Es el olvido, una herramienta del tiempo. El olvido son los jugos gástricos de ese tiempo, que lo digieren todo hasta convertirlo en la pulpa pastosa que alimenta el sinuoso, imparable reptar de ese gusano inabarcable, imparable, empeñado en correr en una sola dirección. Es el olvido que crece como un polvo minúsculo, acaparador, capaz de fijarse y consumir todos los recuerdos, incluso lo más preciosos, los que creíamos más vivos, siempre vivos, los que hemos cuidado, y cuidamos, con ternura y tesón; el olvido lo alcanza todo y lo prepara para el paso irresoluble del tiempo.

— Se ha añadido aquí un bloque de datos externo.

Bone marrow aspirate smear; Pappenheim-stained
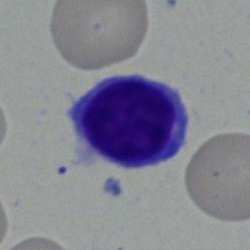Morphological class — lymphocyte.
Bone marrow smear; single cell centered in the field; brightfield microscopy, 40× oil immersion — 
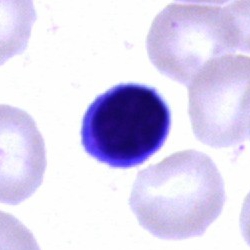Morphological class: typical lymphocyte.
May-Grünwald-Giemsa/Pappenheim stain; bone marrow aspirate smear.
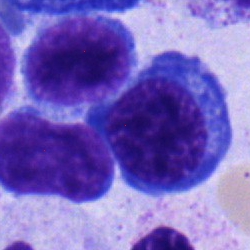
Morphology consistent with a nucleated red blood cell.
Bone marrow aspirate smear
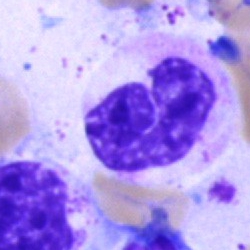
Impression → segmented neutrophil.
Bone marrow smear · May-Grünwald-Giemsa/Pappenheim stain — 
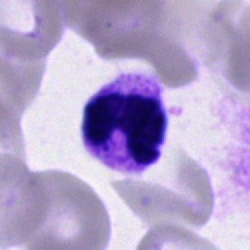

The cell shown is a polymorphonuclear neutrophil.
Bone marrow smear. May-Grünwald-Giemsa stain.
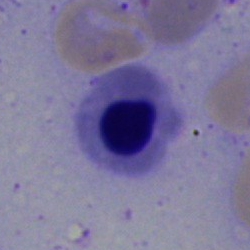Specimen: bone marrow smear.
Morphological class: nucleated red cell.
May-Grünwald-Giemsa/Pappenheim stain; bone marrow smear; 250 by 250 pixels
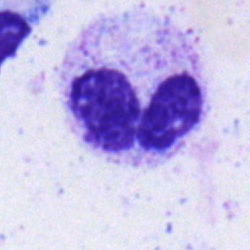Q: Which cell type is shown here?
A: This is a polymorphonuclear neutrophil.
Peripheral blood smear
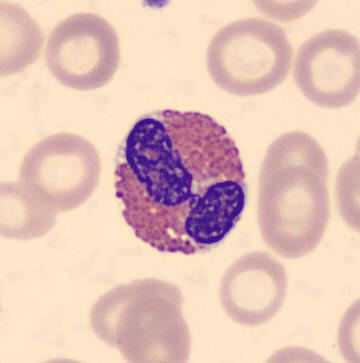 Morphology → eosinophil.
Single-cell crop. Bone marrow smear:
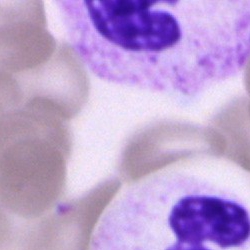

Impression — unidentifiable cell.
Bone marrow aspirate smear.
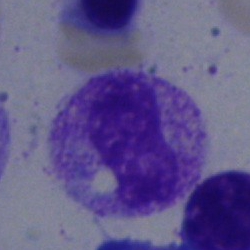 A metamyelocyte.
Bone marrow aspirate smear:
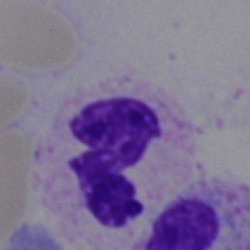 Single cell identified as a polymorphonuclear neutrophil.
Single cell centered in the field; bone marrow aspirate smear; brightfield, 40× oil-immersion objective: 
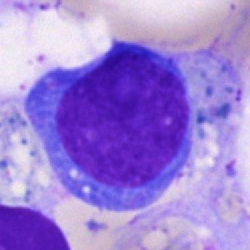 Q: What cell is this?
A: A blast cell.
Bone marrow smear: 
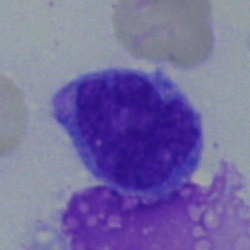 Q: Which cell type is shown here?
A: It is a blast.
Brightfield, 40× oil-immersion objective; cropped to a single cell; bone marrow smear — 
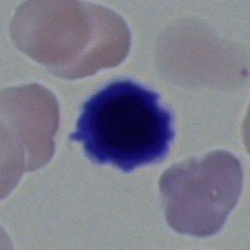 Single cell identified as a lymphocyte.
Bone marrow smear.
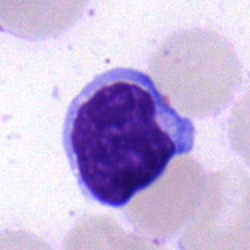

This is a typical lymphocyte.
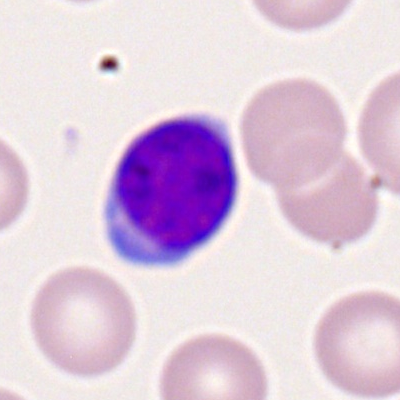

Q: What is shown here?
A: It is a lymphocyte.
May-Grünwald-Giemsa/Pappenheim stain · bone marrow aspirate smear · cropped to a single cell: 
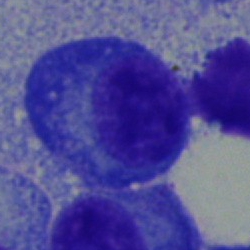 Morphological class = plasmacyte.
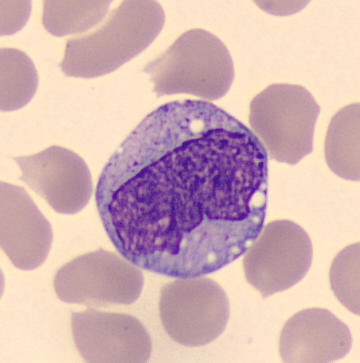The cell is monocyte.
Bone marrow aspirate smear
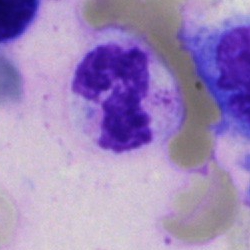
Cell: polymorphonuclear neutrophil.
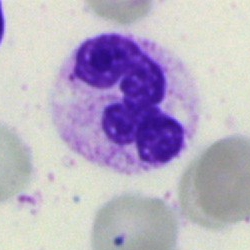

Siempre he dicho que yo no olvido. Y no lo hago. Yo no olvido. Pero el olvido lo alcanza todo, porque, al contrario que nosotros, es inmortal, siempre existió, desde que el primer recuerdo surgió en mitad de la nada presente del universo, desde el instante en que el primer ser tuvo que recordar, el olvido comenzó a crecer. Olvidar no es un acto consciente; todo el que ha tratado de olvidar, lo sabe. Porque el olvido no depende tanto de nosotros como del olvido en sí mismo, y de su padre, de su cuerpo, de su instructor, el tiempo. El olvido es servil, pero eficaz. Cumple la función de no dejar nada que pueda llegar a interrumpir el brutal deslizar baboso del tiempo. Queremos no olvidar, pero olvidamos. Queremos olvidar, y no olvidamos, pero, aun así, acabaremos olvidando. ¡Maldita deglución temporal gravitatoria!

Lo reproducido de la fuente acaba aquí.